Supported NCBI Genetic Code Tables:
| Table No | Genetic Code | | -------- | -------------------------------------------------------------------------------------------- | | 1 | The Standard Code | | 2 | The Vertebrate Mitochondrial Code | | 3 | The Yeast Mitochondrial Code | | 4 | The Mold, Protozoan, and Coelenterate Mitochondrial Code and the Mycoplasma/Spiroplasma Code | | 5 | The Invertebrate Mitochondrial Code | | 6 | The Ciliate, Dasycladacean and Hexamita Nuclear Code | | 9 | The Echinoderm and Flatworm Mitochondrial Code | | 10 | The Euplotid Nuclear Code | | 11 | The Bacterial, Archaeal and Plant Plastid Code | | 12 | The Alternative Yeast Nuclear Code | | 13 | The Ascidian Mitochondrial Code | | 14 | The Alternative Flatworm Mitochondrial Code | | 16 | Chlorophycean Mitochondrial Code | | 21 | Trematode Mitochondrial Code | | 22 | Scenedesmus obliquus Mitochondrial Code | | 23 | Thraustochytrium Mitochondrial Code | | 24 | Rhabdopleuridae Mitochondrial Code | | 25 | Candidate Division SR1 and Gracilibacteria Code | | 26 | Pachysolen tannophilus Nuclear Code | | 29 | Mesodinium Nuclear Code | | 30 | Peritrich Nuclear Code | | 33 | Cephalodiscidae Mitochondrial UAA-Tyr Code |
To translate dna alignment to amino acid:
Bash
segul translate -d [path-to-alignment-files] -f [sequence-format-keyword]

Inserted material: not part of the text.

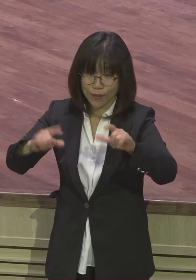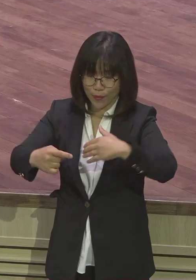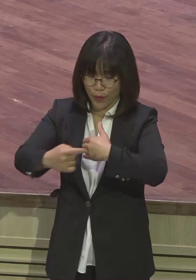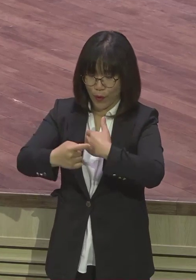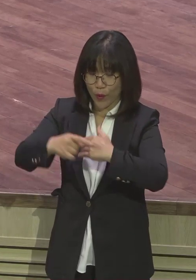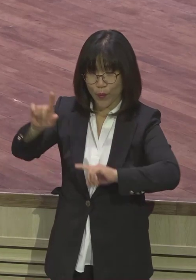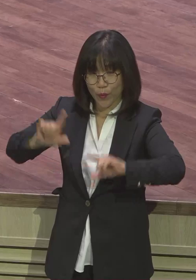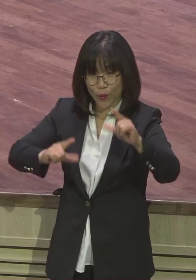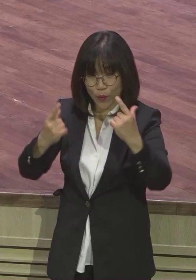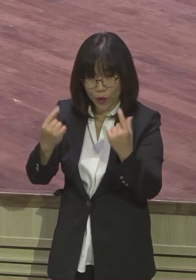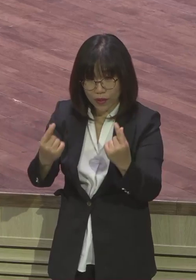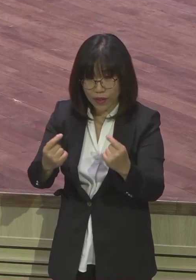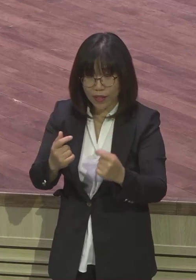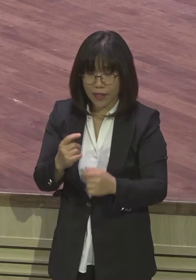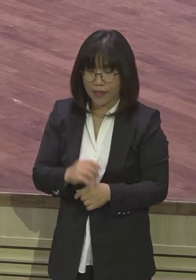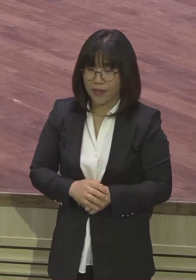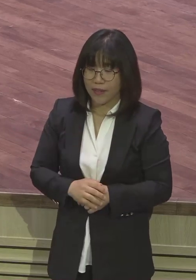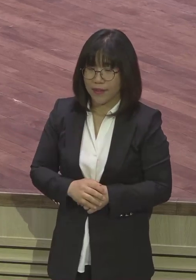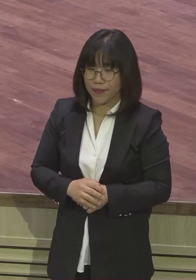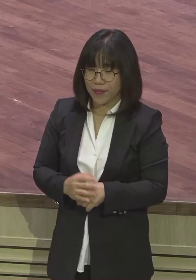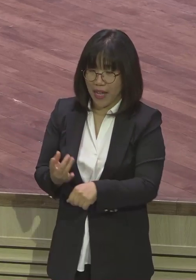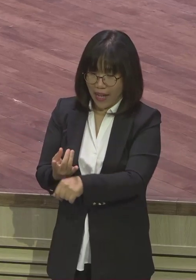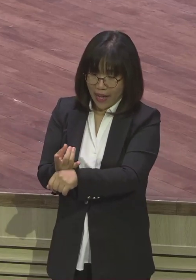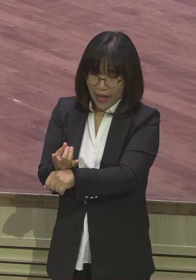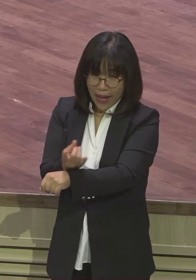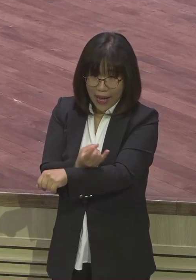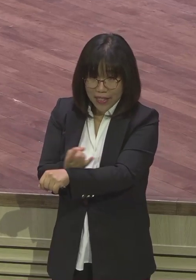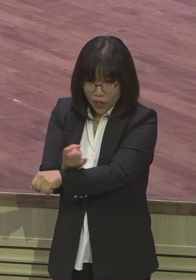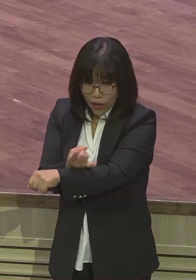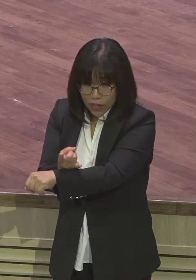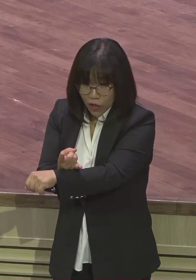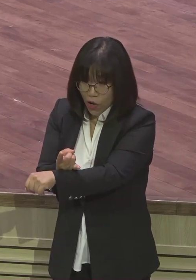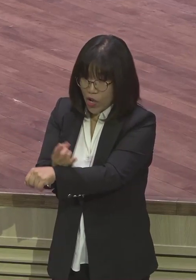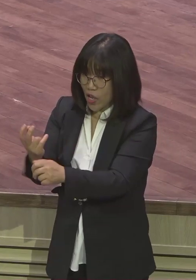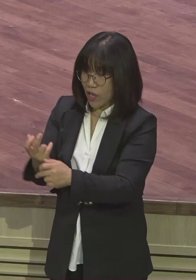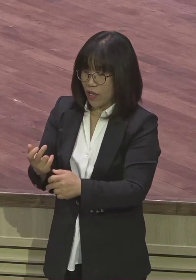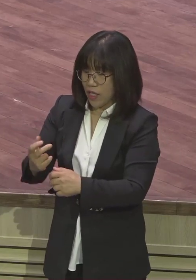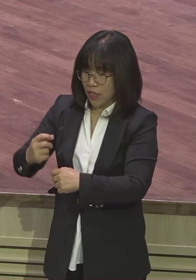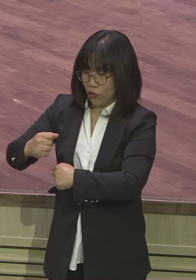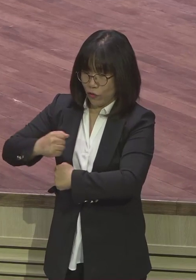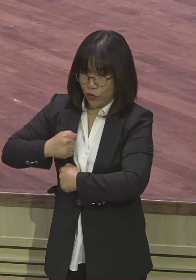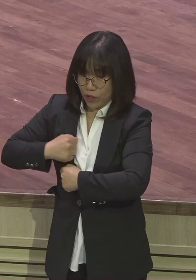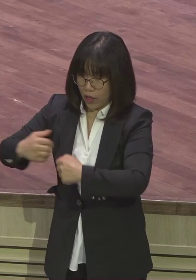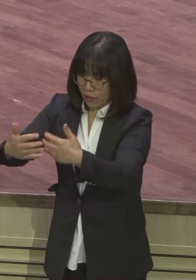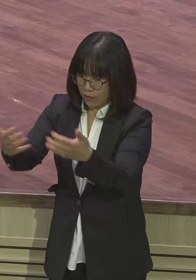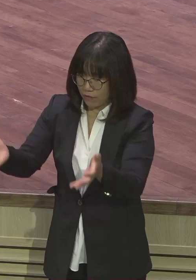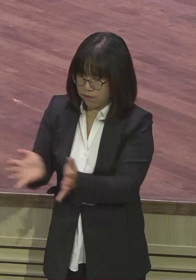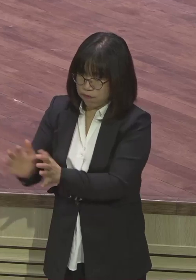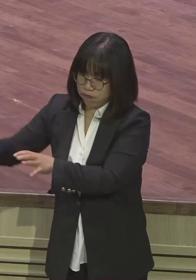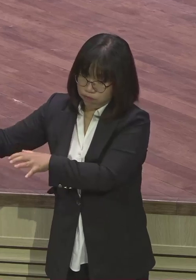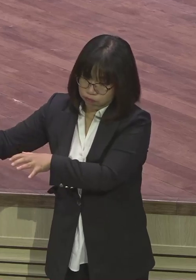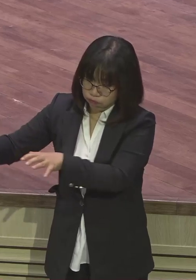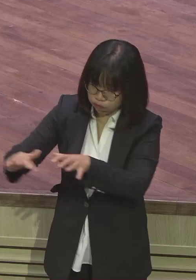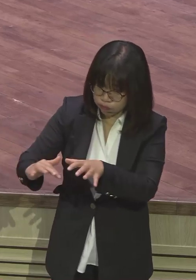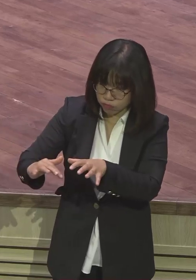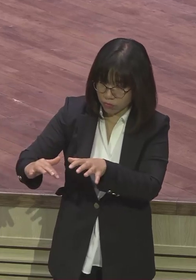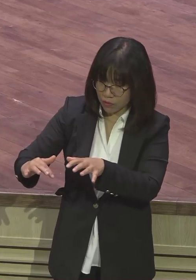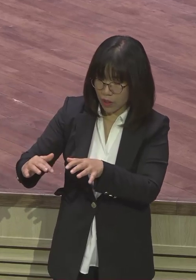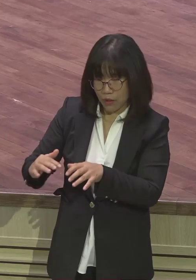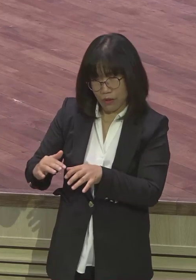에서가 지금 400명 장려 이끌고 온 건 똑같습니다 그러나 야곱이 지금 과거의 야곱이 아니라 이제는 뭐요
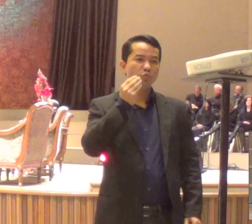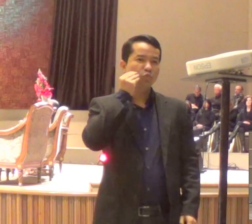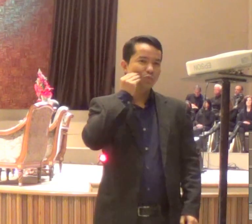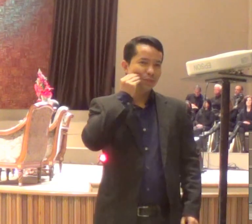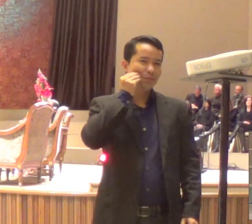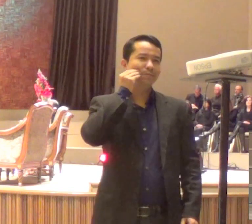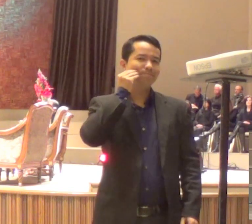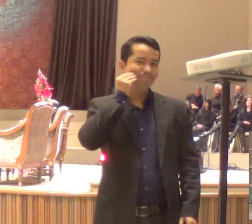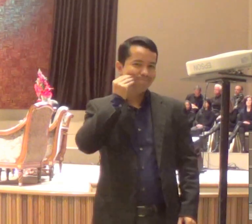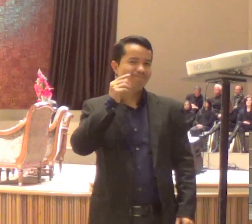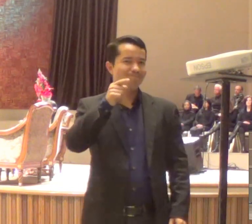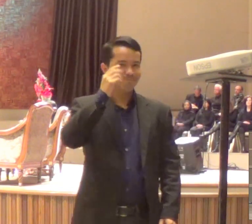De quem?

By default, the app will use the standard code table (NCBI Table 1). To set the translation table, use the --table
option. For example, to translate dna sequences using NCBI Table 2 (vertebrate MtDNA):
Bash
segul translate -d loci/ -f fasta --table 2
You can also set the reading frame using the --rf
option:
Bash
segul translate -d loci/ -f fasta --table 2 --rf 2
To show all the table options, use the --show-tables
flag:
Bash
segul translate --show-tables
Across the app functions, most generic arguments are also available in short format to save time typing them. For example, below we use short arguments to concat alignments in a directory named nexus-alignments
:
Bash
segul concat -d nexus-alignments -f nexus
By default, SEGUL will check whether the sequences contain only valid IUPAC characters. It is set for DNA characters by default. If your input is amino acid sequences, you can use --datatype aa
option to specify the input data type to amino acid. For example to concat sequences of amino acid in a directory named nexus-alignments
:
Bash
segul concat --dir nexus-alignments --input-format nexus --datatype aa
Learn more about using SEGUL here.
The app outputs are the resulting files from each task and a log file. Most information that is printed to the terminal is written to the log file. Unlike the terminal output that we try to keep it clean and only show the most important information, the log file will also contain the dates, times, and the log level status. Each time you run the app, if the log file (named segul.log
) exists in the same directory, the app will append the log output to the same log file. Rename this file or move it to a different folder if you would like to keep a different log file for each task.
For other resulting files, the app forbids over-writting files with similar names. The app will check if a such file exists and will ask if you like to remove it.